Ingredients
One whole chicken (cut into pieces); 1 cup of plain yogurt; 2 tbsp of lemon juice; 2 tbsp of vegetable oil; 2 tbsp of garam masala; 1 tbsp of turmeric; 1 tbsp of ground cumin; 1 tbsp of paprika; 2 tsp of salt; 1 tsp of cayenne pepper (optional); 4 cloves of garlic (minced); 1 tbsp of fresh ginger (grated); and optional: saffron, cinnamon, aubergine or squash.
Preparation and Cooking
- In a bowl, mix the yogurt, lemon juice, oil, spices, garlic, and ginger, and add the chicken pieces. Then cover and refrigerate it for at least 4 hours, or overnight.
- Remove the chicken from the marinade, allowing any excess to drip off.

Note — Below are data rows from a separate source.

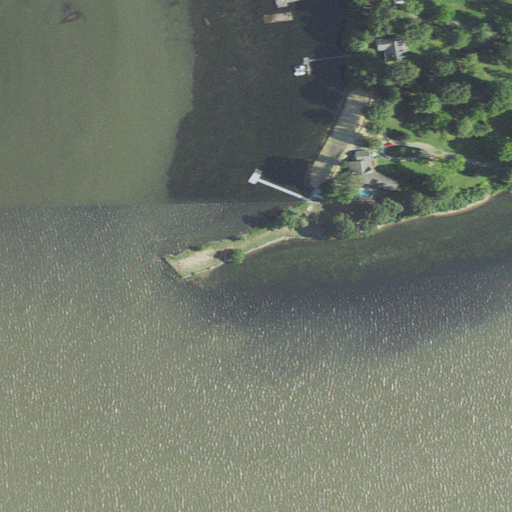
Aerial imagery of cape in Virginia named Indian Point containing open water, mixed forest, deciduous forest, herbaceous wetlands, pasture, and open development
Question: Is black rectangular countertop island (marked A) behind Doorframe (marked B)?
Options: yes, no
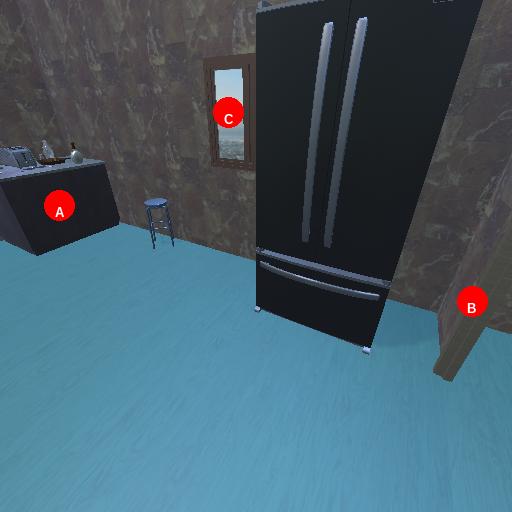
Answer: yes
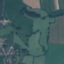
Land use / land cover class: Pasture
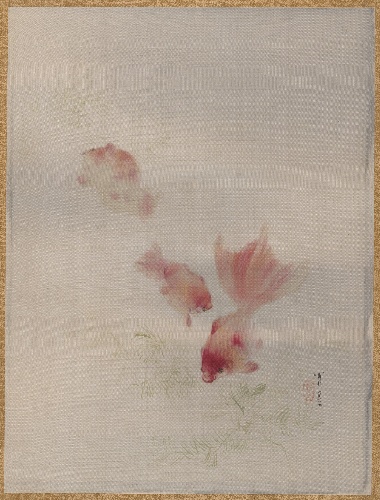
Artist: Watanabe Seitei
Artist bio: Japanese, 1851–1918
Date: ca. 1887
Object type: Album leaf
Classification: Paintings
Medium: Album leaf; ink and color on silk
Culture: Japan
Period: Meiji period (1868–1912)
Dimensions: 13 7/8 x 10 1/2 in. (35.2 x 26.7 cm)
Department: Asian Art
Credit line: Charles Stewart Smith Collection, Gift of Mrs. Charles Stewart Smith, Charles Stewart Smith Jr., and Howard Caswell Smith, in memory of Charles Stewart Smith, 1914
Accession year: 1914
Repository: Metropolitan Museum of Art, New York, NY
Tags: Fish
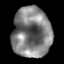
Tissue: lung
Cell type: Epithelial cells
Senescence score: 0.1996
Nuclear area (px): 1899
Mean DAPI intensity: 128.452
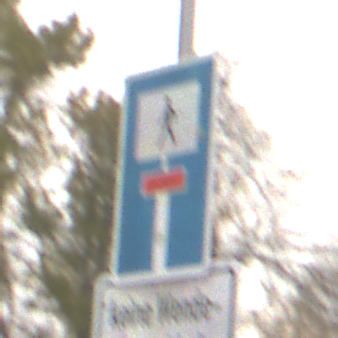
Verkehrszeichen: SackgasseFussgaengerDurchlaessig
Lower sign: HinweisGeaenderteVorfahrtVerkehrsfuehrungVerkehrsregelung3
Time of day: MorningAfternoon
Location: Outdoor (Nature)
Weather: Overcast
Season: NotSpecified
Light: Natural
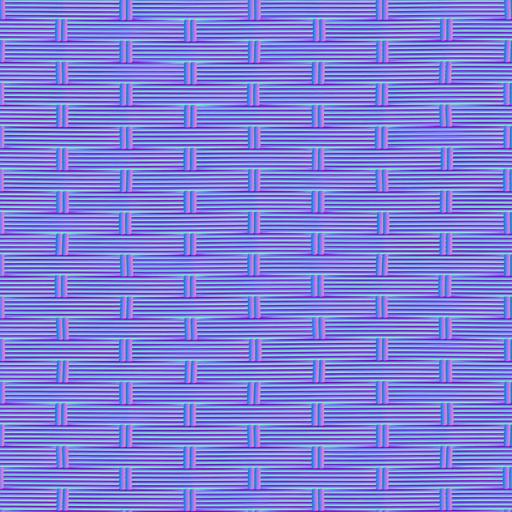
brown light wicker
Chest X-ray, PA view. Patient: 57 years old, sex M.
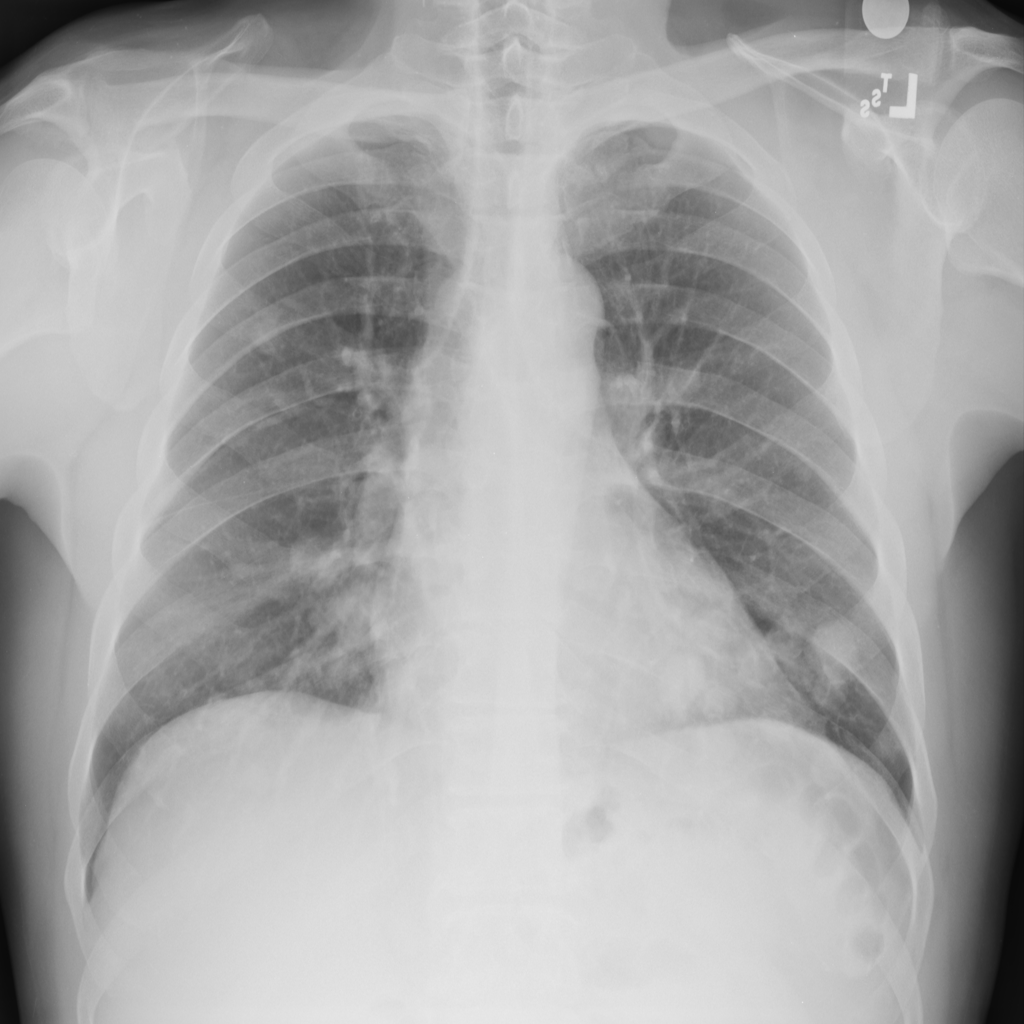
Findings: No Finding
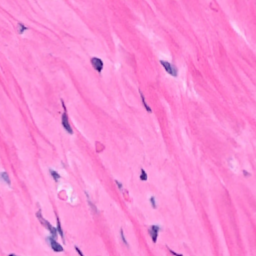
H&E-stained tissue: Breast
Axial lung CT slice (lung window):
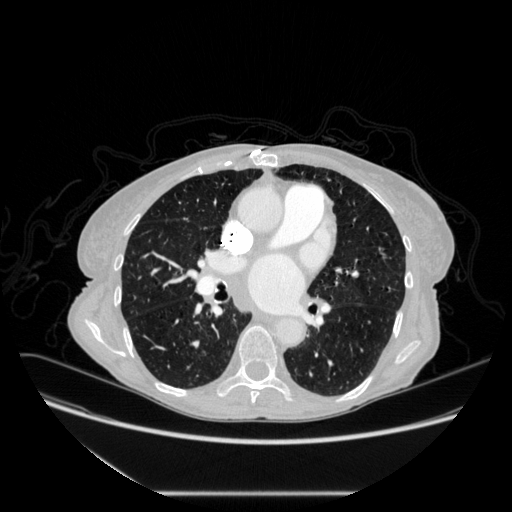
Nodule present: no
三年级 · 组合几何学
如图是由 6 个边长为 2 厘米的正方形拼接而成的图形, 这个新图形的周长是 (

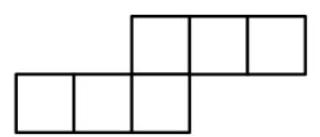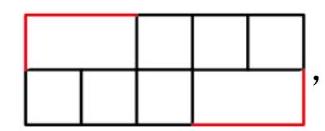
答案: 28 厘米 $/ 28 \mathrm{~cm}$

【分析】观察图形、通过线段的平移可知, 这个图形的周长等于长 10 厘米、宽 4 厘米的长方形的周

长, 如图所示:

利用长方形的周长 $=($ 长 + 宽 $) \times 2$ 计算即可。

【详解】根据分析可得,

$(10+4) \times 2$

$=14 \times 2$

$=28($ 厘米 $)$

所以这个图形的周长是 28 厘米。

【点睛】本题要求熟练掌握长方形的周长公式, 平移线段是解答此题的关键, 注意题干中说正方形的边长是 2 厘米, 还需要 $\times 2$ 。
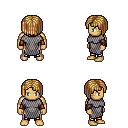
a pixel art fantasy rpg character, male body template, human, tanned skin, chain mail, gold greaves, blonde pageboy hairstyle, leather bracers, four views (front, back, left, right), 2x2 character sprite sheet, small pixel art, hard edges, no anti-aliasing
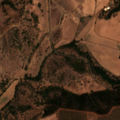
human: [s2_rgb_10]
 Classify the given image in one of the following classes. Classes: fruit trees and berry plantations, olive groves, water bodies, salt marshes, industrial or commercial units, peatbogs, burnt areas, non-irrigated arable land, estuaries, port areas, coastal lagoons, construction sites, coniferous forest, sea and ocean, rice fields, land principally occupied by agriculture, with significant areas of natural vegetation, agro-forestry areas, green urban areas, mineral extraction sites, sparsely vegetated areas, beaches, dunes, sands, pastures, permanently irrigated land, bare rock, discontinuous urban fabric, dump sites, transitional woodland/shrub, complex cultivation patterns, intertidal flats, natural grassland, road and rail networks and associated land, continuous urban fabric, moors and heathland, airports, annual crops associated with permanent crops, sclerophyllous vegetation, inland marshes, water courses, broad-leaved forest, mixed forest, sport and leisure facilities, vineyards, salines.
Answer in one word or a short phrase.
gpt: non-irrigated arable land, olive groves, agro-forestry areas, broad-leaved forest
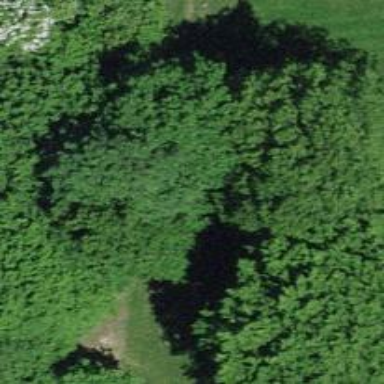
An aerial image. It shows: Single tag "natural: tree."
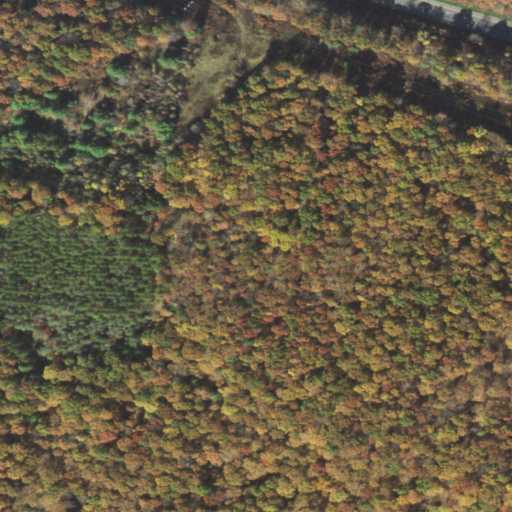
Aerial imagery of ridge(s) in Pennsylvania named Indian Cabin Ridge containing deciduous forest, evergreen forest, mixed forest, and low intensity development
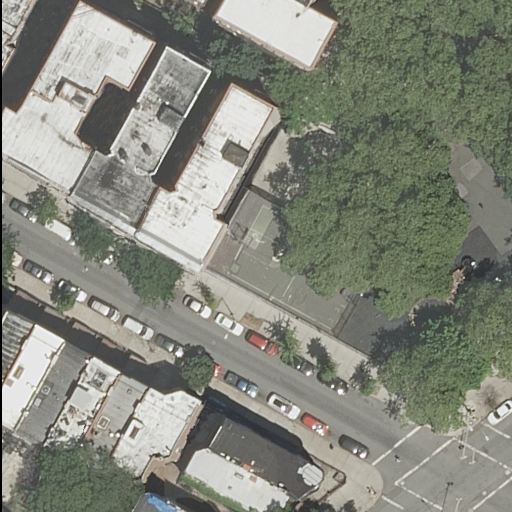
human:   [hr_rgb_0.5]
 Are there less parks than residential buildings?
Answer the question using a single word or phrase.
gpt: yes

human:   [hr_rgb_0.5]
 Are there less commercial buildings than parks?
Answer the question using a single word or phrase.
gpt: yes

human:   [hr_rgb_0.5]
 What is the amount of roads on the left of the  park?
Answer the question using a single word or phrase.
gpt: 2

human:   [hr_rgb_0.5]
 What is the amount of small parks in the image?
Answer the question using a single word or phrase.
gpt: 0

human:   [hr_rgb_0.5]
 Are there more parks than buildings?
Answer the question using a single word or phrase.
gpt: no

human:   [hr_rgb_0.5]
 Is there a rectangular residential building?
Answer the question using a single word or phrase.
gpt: yes

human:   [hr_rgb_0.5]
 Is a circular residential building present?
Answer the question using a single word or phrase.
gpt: no

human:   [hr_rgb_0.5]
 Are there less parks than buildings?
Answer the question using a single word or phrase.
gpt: yes

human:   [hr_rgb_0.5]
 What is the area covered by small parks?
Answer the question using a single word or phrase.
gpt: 0m2

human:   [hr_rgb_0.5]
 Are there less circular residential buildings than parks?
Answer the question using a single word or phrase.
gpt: yes

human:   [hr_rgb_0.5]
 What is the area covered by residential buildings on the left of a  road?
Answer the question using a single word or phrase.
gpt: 3414m2

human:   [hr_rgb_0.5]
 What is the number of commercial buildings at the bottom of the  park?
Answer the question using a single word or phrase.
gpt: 0

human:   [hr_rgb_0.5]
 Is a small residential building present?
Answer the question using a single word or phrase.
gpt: yes

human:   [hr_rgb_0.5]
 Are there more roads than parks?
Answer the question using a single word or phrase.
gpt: yes

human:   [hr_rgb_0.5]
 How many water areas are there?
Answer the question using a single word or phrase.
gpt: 0

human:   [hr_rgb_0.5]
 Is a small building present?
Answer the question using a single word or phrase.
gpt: yes

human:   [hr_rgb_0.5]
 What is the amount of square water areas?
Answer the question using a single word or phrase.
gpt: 0

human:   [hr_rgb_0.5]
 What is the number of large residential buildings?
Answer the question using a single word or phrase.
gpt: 2

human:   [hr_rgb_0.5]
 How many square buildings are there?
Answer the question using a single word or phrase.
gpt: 0

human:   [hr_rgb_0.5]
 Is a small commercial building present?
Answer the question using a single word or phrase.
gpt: no

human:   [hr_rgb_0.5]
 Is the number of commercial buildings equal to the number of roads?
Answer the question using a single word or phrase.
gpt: no

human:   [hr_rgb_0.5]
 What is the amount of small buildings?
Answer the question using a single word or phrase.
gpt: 4

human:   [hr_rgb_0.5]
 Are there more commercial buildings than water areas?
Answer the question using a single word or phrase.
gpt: no

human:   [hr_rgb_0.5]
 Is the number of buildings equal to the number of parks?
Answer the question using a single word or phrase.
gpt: no

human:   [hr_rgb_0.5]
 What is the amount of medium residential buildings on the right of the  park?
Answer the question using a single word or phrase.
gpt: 0

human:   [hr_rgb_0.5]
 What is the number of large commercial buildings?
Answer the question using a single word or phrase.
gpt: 0

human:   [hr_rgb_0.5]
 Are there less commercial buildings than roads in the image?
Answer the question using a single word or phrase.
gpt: yes

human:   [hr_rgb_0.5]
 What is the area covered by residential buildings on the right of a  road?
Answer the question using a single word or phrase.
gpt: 0m2

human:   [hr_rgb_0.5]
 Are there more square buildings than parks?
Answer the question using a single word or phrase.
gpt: no

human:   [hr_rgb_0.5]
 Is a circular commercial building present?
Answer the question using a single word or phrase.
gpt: no

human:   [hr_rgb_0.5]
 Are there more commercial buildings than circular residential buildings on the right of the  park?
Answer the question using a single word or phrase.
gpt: no

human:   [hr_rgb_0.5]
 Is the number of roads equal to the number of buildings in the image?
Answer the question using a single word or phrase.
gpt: no

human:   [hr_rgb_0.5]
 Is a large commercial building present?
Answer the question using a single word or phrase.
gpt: no

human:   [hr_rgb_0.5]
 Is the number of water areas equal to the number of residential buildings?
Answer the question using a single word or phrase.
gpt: no

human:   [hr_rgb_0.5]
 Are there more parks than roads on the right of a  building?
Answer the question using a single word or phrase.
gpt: no

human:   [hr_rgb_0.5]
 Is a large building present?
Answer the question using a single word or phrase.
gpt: yes
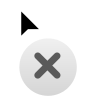
Cursor type: not_allowed
OS/theme: linux-apple-cursor
Variant: black
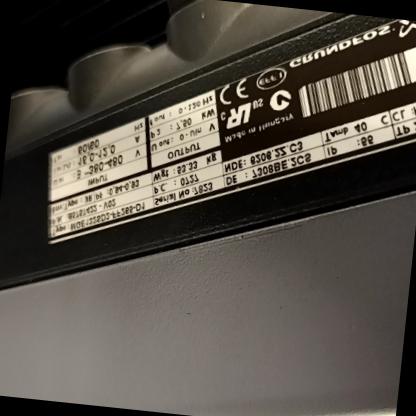
Klasa: tabliczka-znamionowa
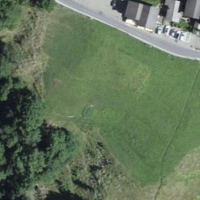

Arrange the chicken pieces directly on a fire place grit (which should be placed in Area E), ensuring they are not touching each other.
- At the temperature range of 220-250oC, roast the chickens for about 10-15 min, then flip the pieces and roast for another 10-15 min, or until the chicken is fully cooked and has a nice char on the outside.
- Let it rest for a few minutes before serving.
- Tandoori chicken is traditionally served with slices of onion, raita (a yogurt-based side dish) and lemon. It is also served with a side of mint-coriander chutney for dipping, and often accompanied by naan, Indian flatbread or basmati rice.
Hints and Comments
Tandoori chicken is often seen in a bright red color due to the spices used.